Nothing But Empty


                                                         **Trigger warning: miscarriage

    When we found out we were going to have a child, I was so terrified that I cried. 

    You held me in your arms and reassured me that it would be alright, but I couldn't believe you. 

    I had just finished therapy for my depression less than a year ago. I had tried to take my own life. We were moving back to China. How could I posssibly handle one more responsability?

    It didn't feel real. And when it did, for a moment, all I could feel was fear. 

    We had no idea what we were doing. 

    And then...I found the blood. 

    With it, I instantly knew. 

    I had not only been afraid all this time. There was still hope. Love. A child that would change everything. 

    I was so full, 

        only to become incredibly,

            horribly

                empty. 

    Nothing but empty, as I stared at the blood in my hands. 

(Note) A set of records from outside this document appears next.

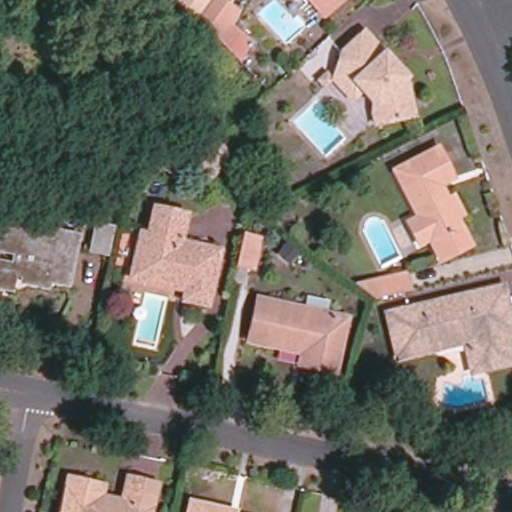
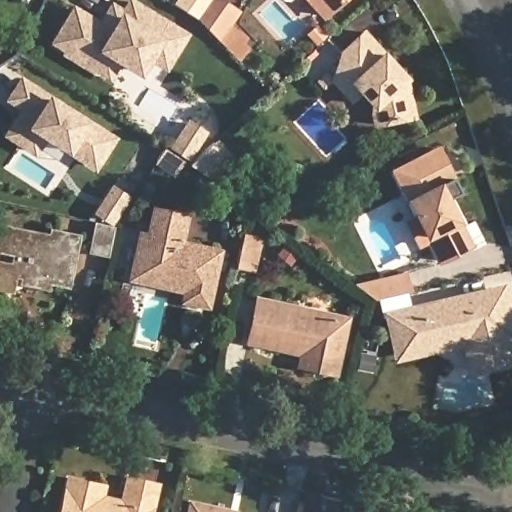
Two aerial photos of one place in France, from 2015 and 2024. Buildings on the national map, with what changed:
unchanged [(201,21),(192,13),(179,4),(181,0),(225,0),(231,4),(212,32),(201,21)]
unchanged [(312,0),(345,0),(327,16),(312,0)]
new [(121,59),(111,75),(55,40),(74,9),(99,24),(111,4),(115,6),(123,12),(130,1),(184,34),(165,64),(148,54),(139,69),(121,59)]
unchanged [(331,78),(332,74),(342,50),(362,32),(373,43),(388,59),(385,62),(396,74),(398,71),(405,79),(413,115),(372,124),(370,113),(372,105),(357,90),(348,98),(331,78)]
new [(24,108),(10,98),(22,79),(112,138),(94,165),(45,134),(34,150),(7,133),(19,115),(24,108)]
new [(189,164),(216,139),(231,156),(208,177),(189,164)]
unchanged [(407,217),(417,212),(394,165),(437,144),(455,179),(442,185),(446,194),(453,191),(462,210),(456,214),(470,240),(440,255),(431,238),(430,234),(419,240),(407,217)]
new [(154,164),(164,148),(182,159),(171,175),(154,164)]
unchanged [(219,252),(207,306),(182,300),(186,284),(180,283),(177,289),(130,279),(140,234),(147,236),(153,209),(186,216),(179,245),(204,250),(205,249),(219,252)]
unchanged [(89,252),(96,222),(114,225),(107,255),(89,252)]
unchanged [(54,234),(75,239),(65,283),(46,279),(45,285),(25,281),(26,274),(12,272),(9,288),(0,286),(0,228),(53,239),(54,234)]
unchanged [(258,240),(252,268),(235,264),(240,242),(242,236),(258,240)]
unchanged [(404,269),(408,284),(369,294),(351,280),(404,269)]
unchanged [(495,286),(500,307),(490,310),(493,323),(498,322),(506,355),(478,362),(474,344),(465,346),(459,329),(423,337),(425,343),(398,349),(393,333),(391,334),(385,311),(495,286)]
unchanged [(257,300),(346,319),(335,372),(302,365),(305,354),(249,341),(257,300)]
unchanged [(64,479),(97,487),(96,497),(117,502),(123,479),(152,485),(145,512),(131,512),(57,512),(64,479)]
unchanged [(192,507),(219,512),(191,512),(192,507)]

    Nothing but empty as I grimaced through the pain, trying so hard not to scream. 

     On that cold bathroom floor. 

    Alone. 

    Loss. 

    It hurts so much that I flush the toilet before even getting a proper look. How can I look at my child like that, all blood and no hope? 

    I sink away and bury her in my heart with the others. A lonely, secret loss that only I will ever know. 

    My body has changed but now it is empty. Confused. What did it change for? How do I numb the pain? 

    How do I fill what is now empty?

    How do you mourn the loss of someone you thought you didn't want? Did I wish her away? Was it my fault? 

    Even now, do I hide her because I am afraid? She is locked away, deep inside me. 

    How do I fill what is now empty?